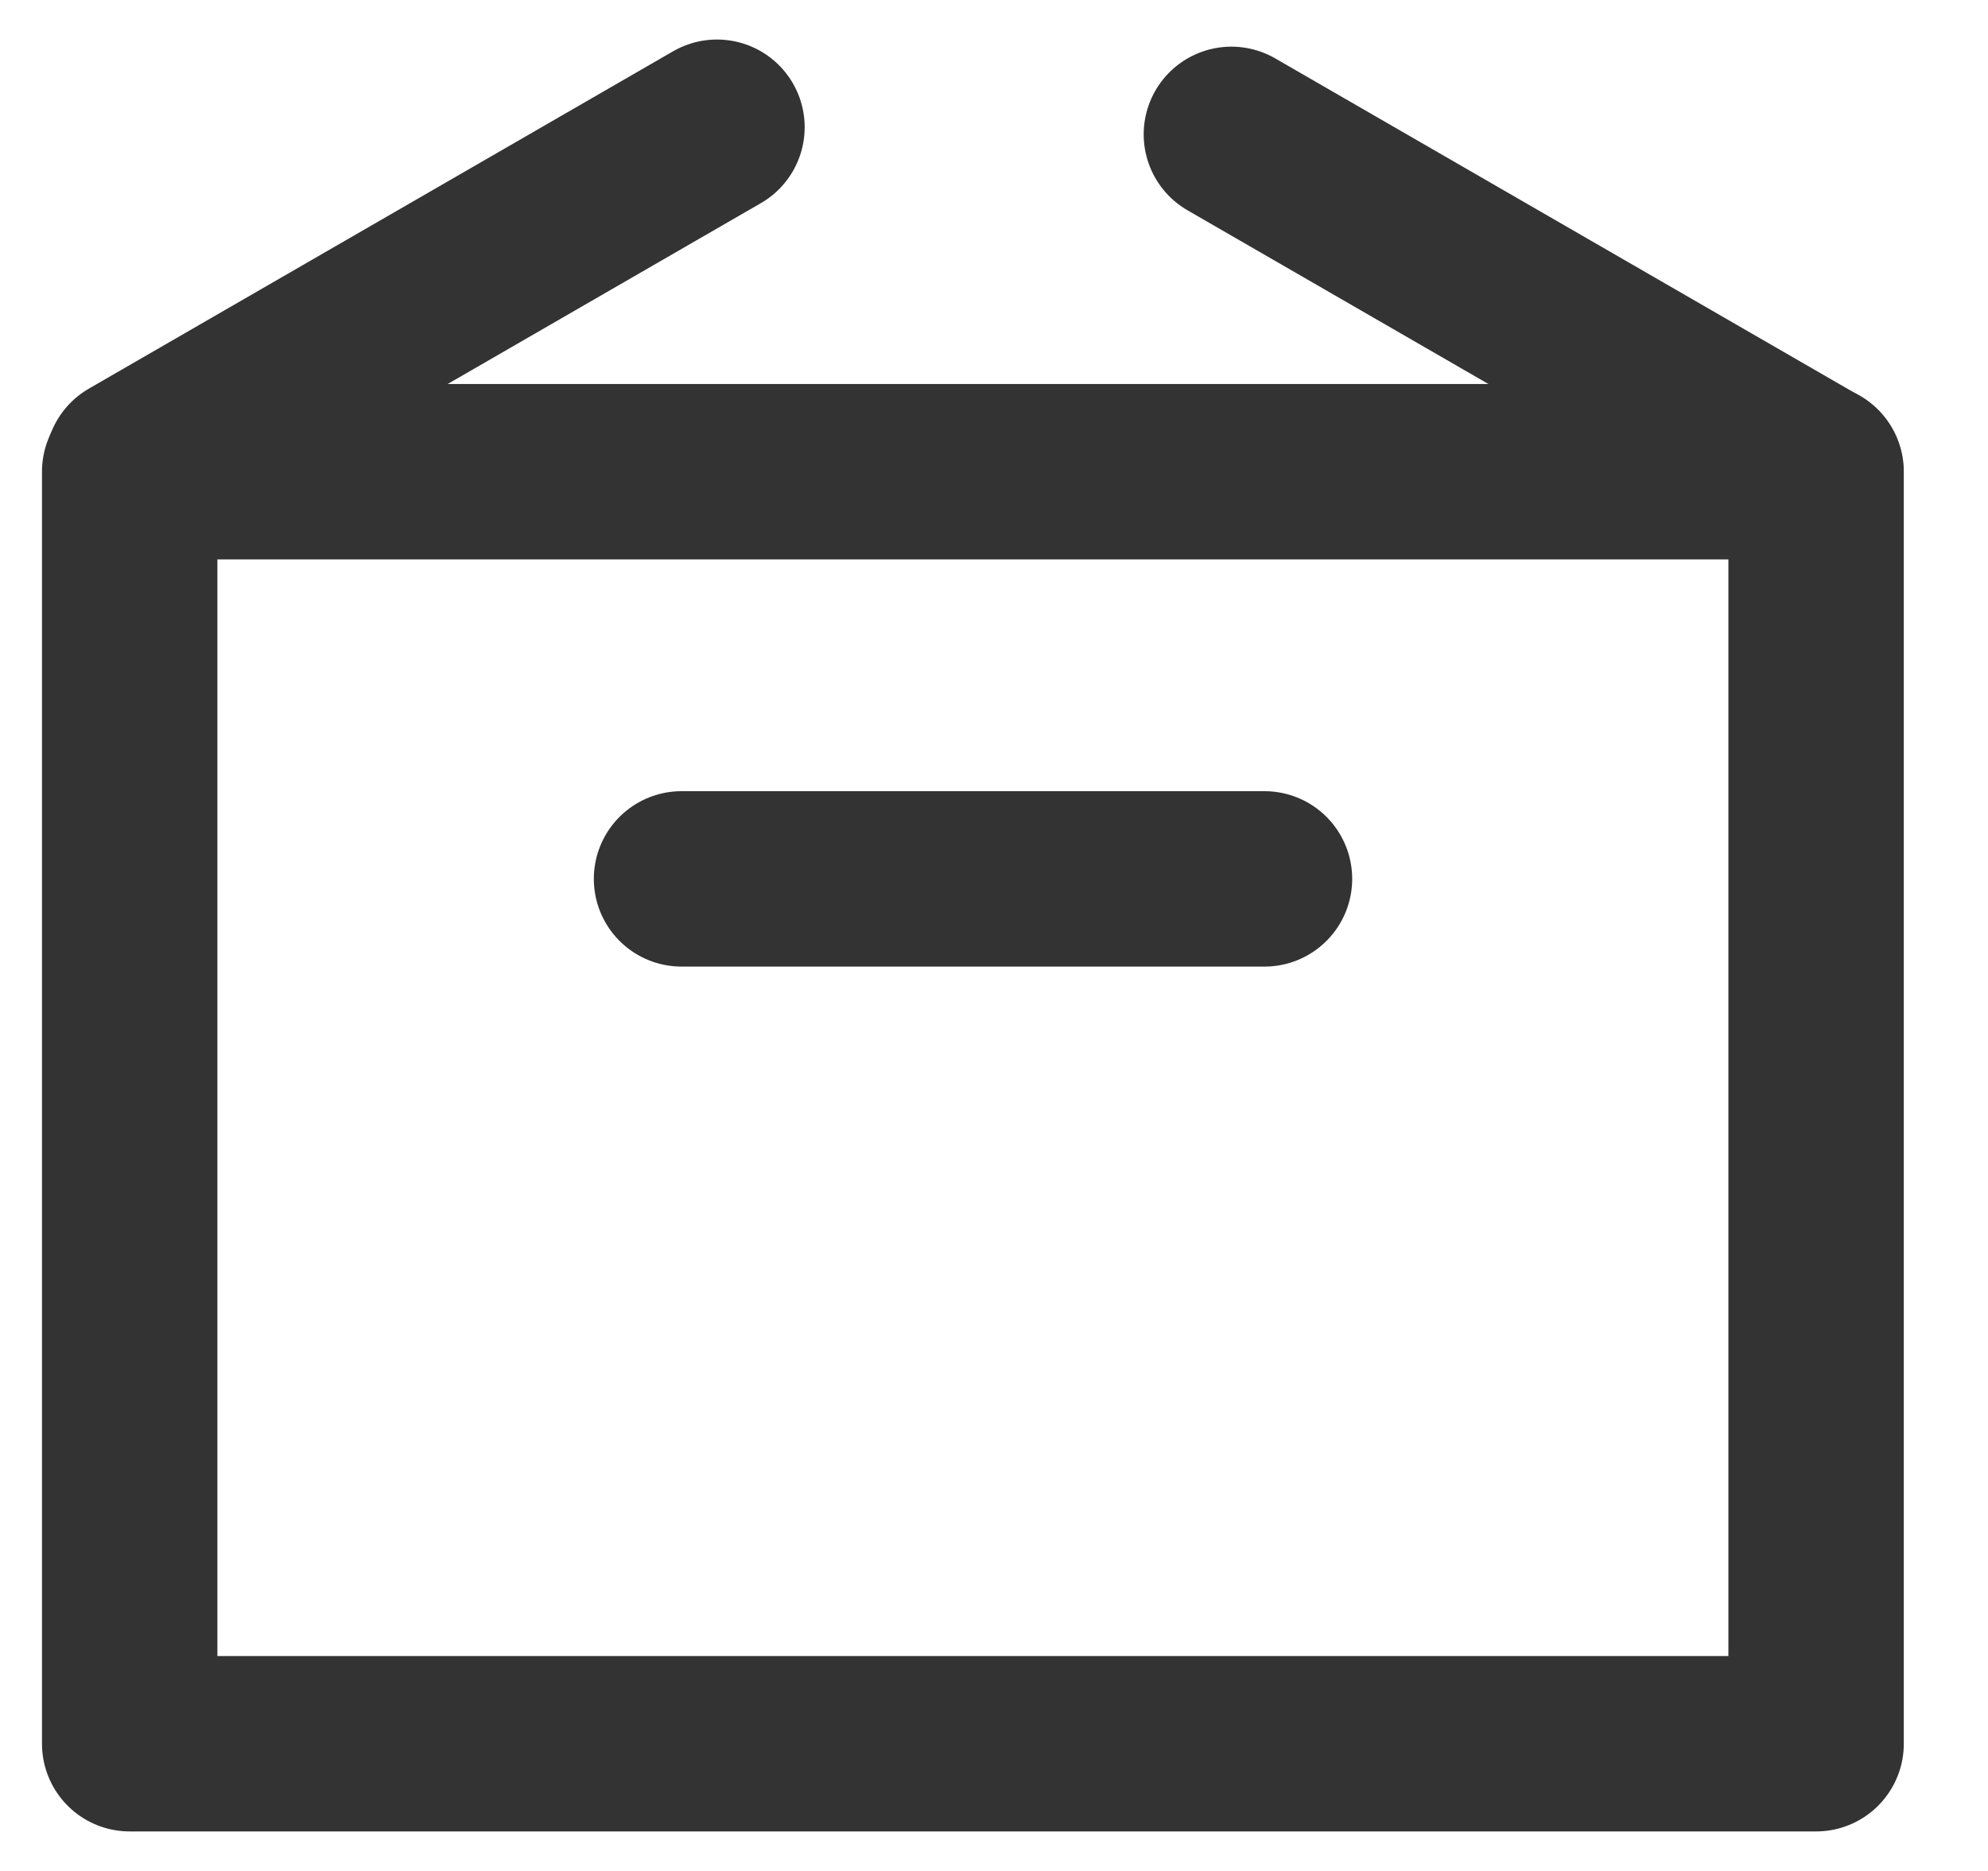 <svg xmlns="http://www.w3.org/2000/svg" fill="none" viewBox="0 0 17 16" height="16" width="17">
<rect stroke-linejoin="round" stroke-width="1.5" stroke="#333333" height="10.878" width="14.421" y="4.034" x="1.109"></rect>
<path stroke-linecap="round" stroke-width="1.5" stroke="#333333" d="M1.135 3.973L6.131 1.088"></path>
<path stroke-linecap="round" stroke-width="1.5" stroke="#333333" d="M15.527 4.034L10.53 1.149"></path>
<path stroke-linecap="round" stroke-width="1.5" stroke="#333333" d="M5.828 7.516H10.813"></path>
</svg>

# The problem
The answer must be the entries above, printed exactly, with no pictures.

# Exercise solution
 <svg xmlns="http://www.w3.org/2000/svg" fill="none" viewBox="0 0 17 16" height="16" width="17">
<rect stroke-linejoin="round" stroke-width="1.5" stroke="#333333" height="10.878" width="14.421" y="4.034" x="1.109"></rect>
<path stroke-linecap="round" stroke-width="1.5" stroke="#333333" d="M1.135 3.973L6.131 1.088"></path>
<path stroke-linecap="round" stroke-width="1.5" stroke="#333333" d="M15.527 4.034L10.53 1.149"></path>
<path stroke-linecap="round" stroke-width="1.5" stroke="#333333" d="M5.828 7.516H10.813"></path>
</svg>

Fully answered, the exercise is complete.